PROBLEM DETAILS ▸ The response should be an exact copy of the records, with the pictures removed.

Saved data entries
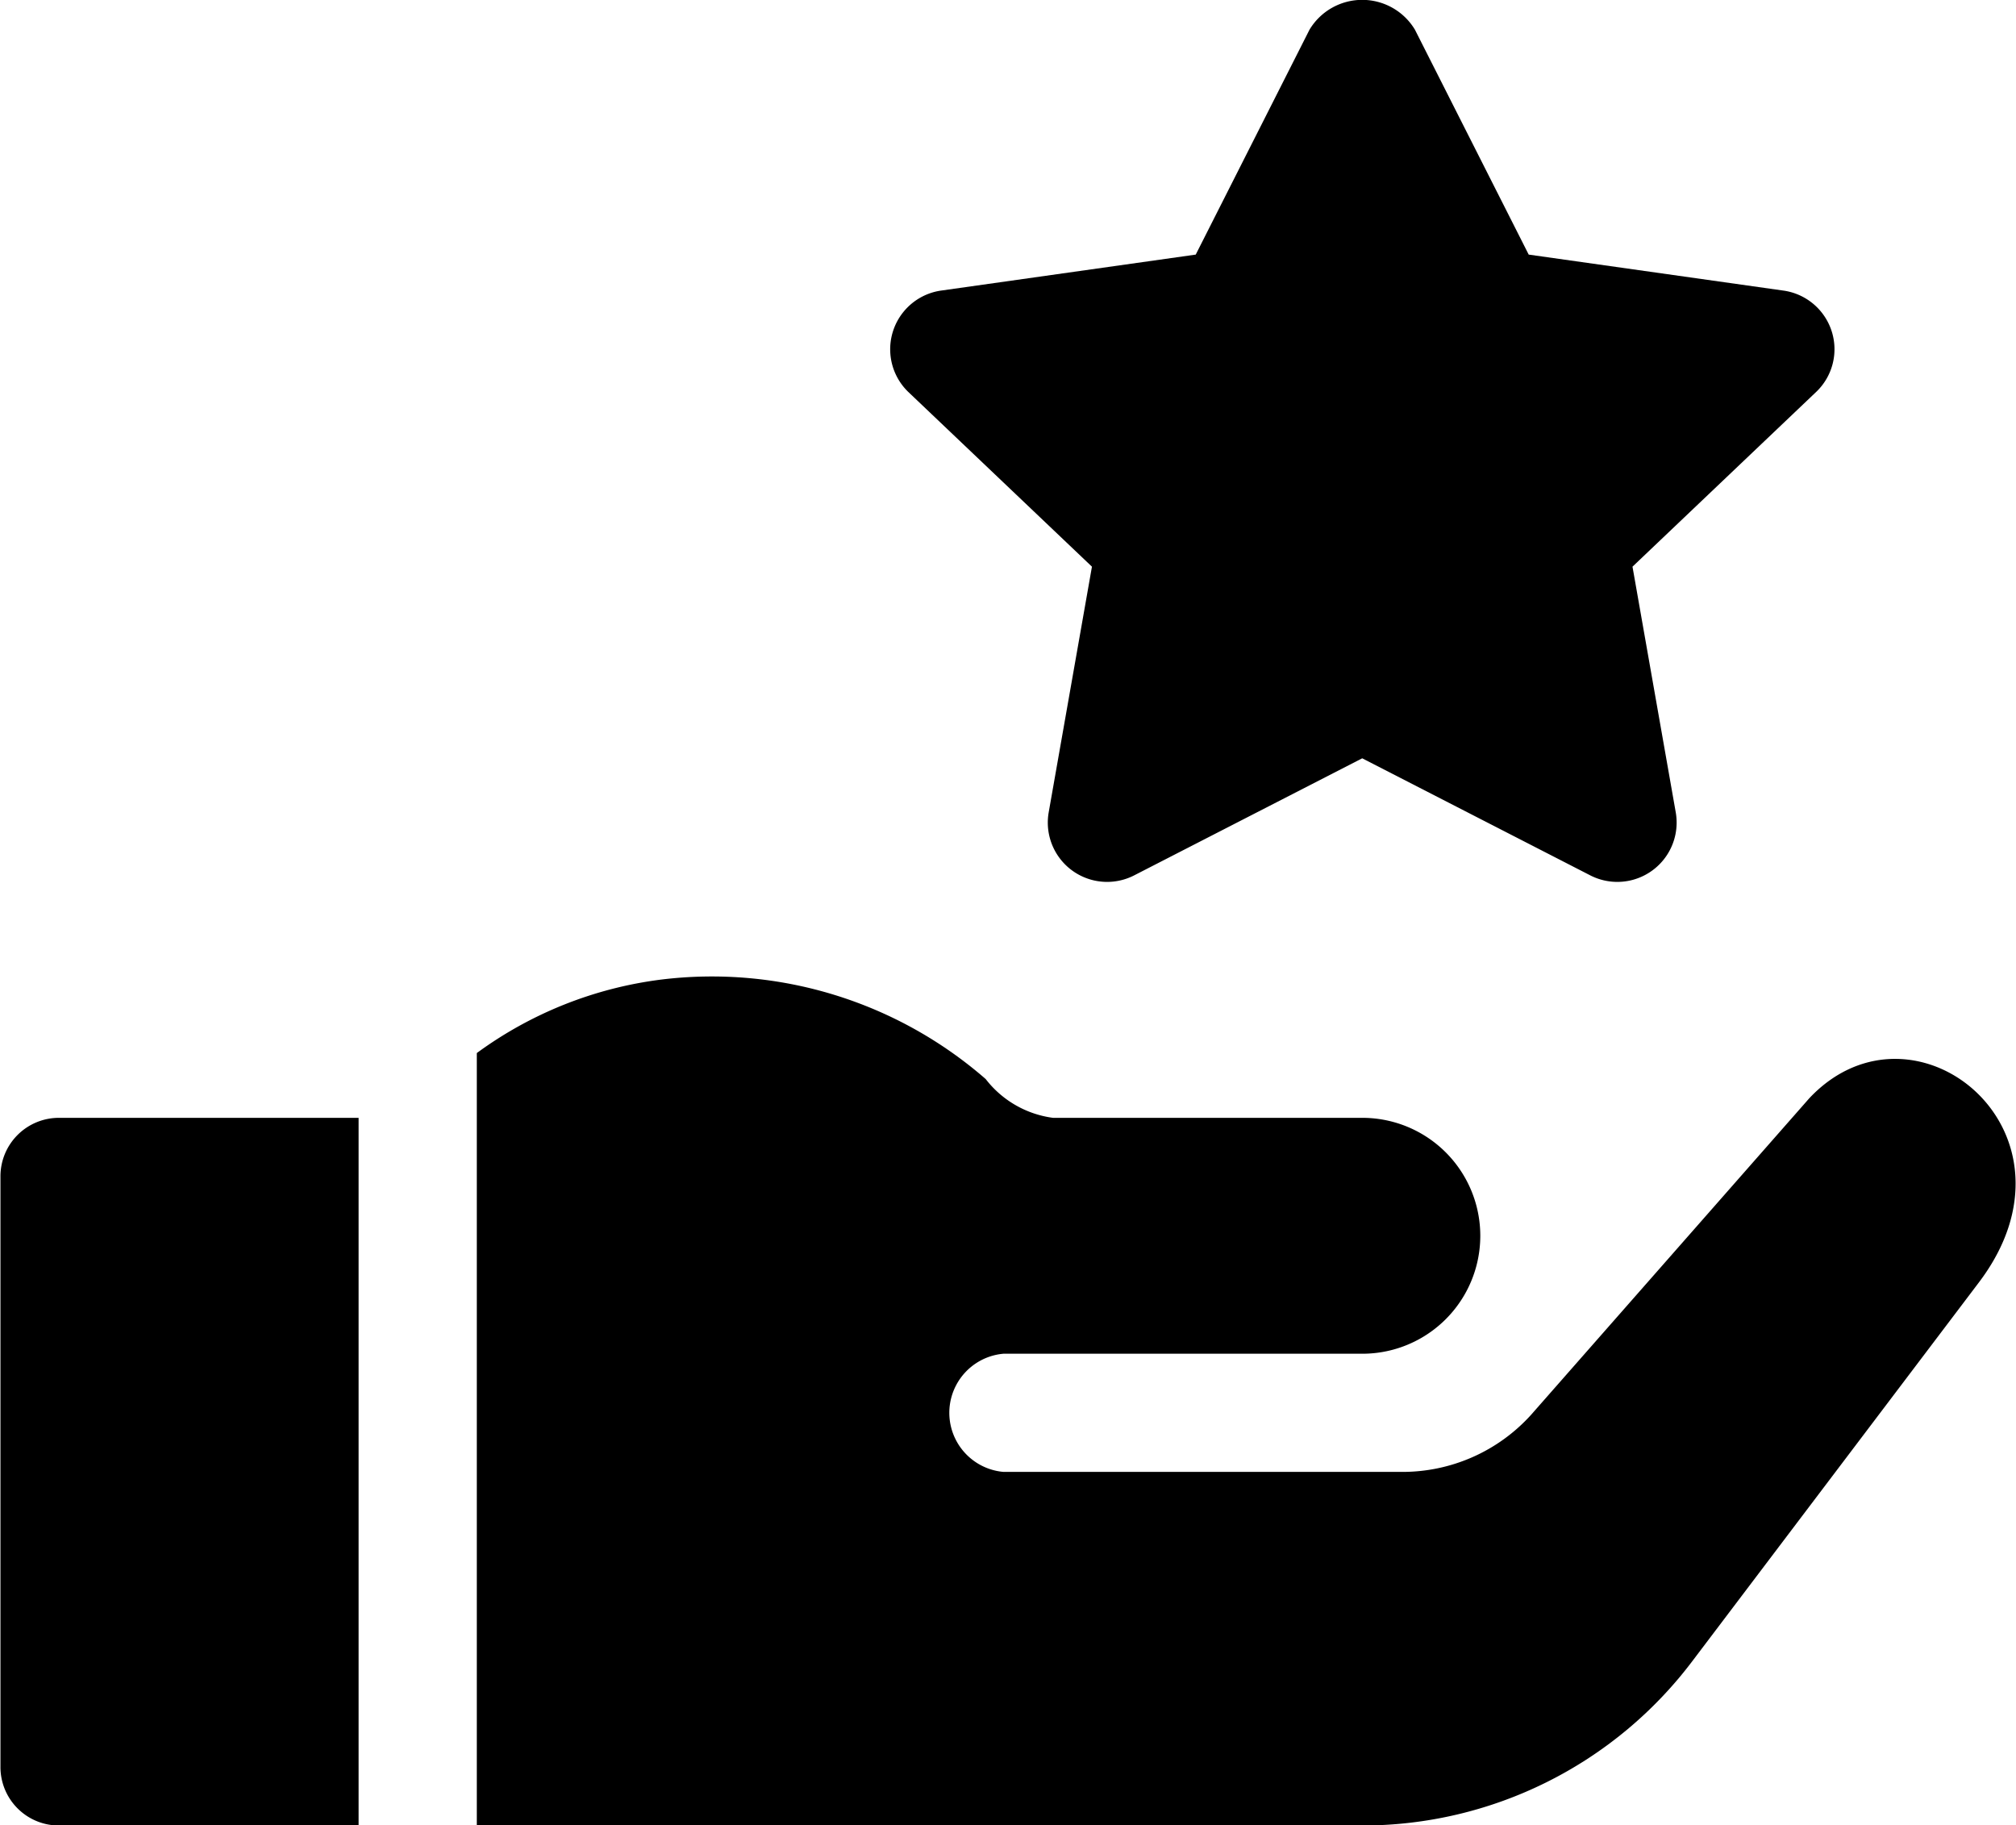 <svg xmlns="http://www.w3.org/2000/svg" width="44.188" height="40" viewBox="0 0 44.188 40">
  <defs>
    <style>
      .cls-1 {
        fill-rule: evenodd;
      }
    </style>
  </defs>
  <path id="jiazhifweic2" class="cls-1" d="M732.71,3443.5a1.281,1.281,0,0,0-1.294,1.29v12.93a1.281,1.281,0,0,0,1.294,1.29h6.556V3443.5H732.71Zm38.844-17.24a1.3,1.3,0,0,0-1.05-.89l-5.591-.79-2.494-4.93a1.348,1.348,0,0,0-2.31,0l-2.494,4.93-5.591.79a1.3,1.3,0,0,0-.71,2.22l4.026,3.83-0.949,5.39a1.3,1.3,0,0,0,1.866,1.38l5.007-2.57,5.007,2.57a1.3,1.3,0,0,0,1.866-1.38l-0.949-5.39,4.026-3.83A1.292,1.292,0,0,0,771.554,3426.26Zm-0.49,16.81-6.1,6.94a3.8,3.8,0,0,1-2.847,1.25H753.4a1.3,1.3,0,0,1,0-2.59h7.867a2.585,2.585,0,1,0,0-5.17h-6.78a2.233,2.233,0,0,1-1.476-.85,9.132,9.132,0,0,0-7.116-2.18,8.666,8.666,0,0,0-4.038,1.61v16.93h19.41a9.059,9.059,0,0,0,7.246-3.62l6.258-8.27C777.292,3443.81,773.363,3440.63,771.064,3443.07Z" transform="translate(-731.406 -3419)"/>
</svg>

YOUR SOLUTION ▸
 <svg xmlns="http://www.w3.org/2000/svg" width="44.188" height="40" viewBox="0 0 44.188 40">
  <defs>
    <style>
      .cls-1 {
        fill-rule: evenodd;
      }
    </style>
  </defs>
  <path id="jiazhifweic2" class="cls-1" d="M732.71,3443.5a1.281,1.281,0,0,0-1.294,1.29v12.93a1.281,1.281,0,0,0,1.294,1.29h6.556V3443.5H732.71Zm38.844-17.24a1.3,1.3,0,0,0-1.05-.89l-5.591-.79-2.494-4.93a1.348,1.348,0,0,0-2.31,0l-2.494,4.93-5.591.79a1.3,1.3,0,0,0-.71,2.22l4.026,3.83-0.949,5.39a1.3,1.3,0,0,0,1.866,1.38l5.007-2.57,5.007,2.57a1.3,1.3,0,0,0,1.866-1.38l-0.949-5.39,4.026-3.83A1.292,1.292,0,0,0,771.554,3426.26Zm-0.49,16.81-6.1,6.94a3.8,3.8,0,0,1-2.847,1.25H753.4a1.3,1.3,0,0,1,0-2.59h7.867a2.585,2.585,0,1,0,0-5.17h-6.78a2.233,2.233,0,0,1-1.476-.85,9.132,9.132,0,0,0-7.116-2.18,8.666,8.666,0,0,0-4.038,1.61v16.93h19.41a9.059,9.059,0,0,0,7.246-3.62l6.258-8.27C777.292,3443.81,773.363,3440.63,771.064,3443.07Z" transform="translate(-731.406 -3419)"/>
</svg>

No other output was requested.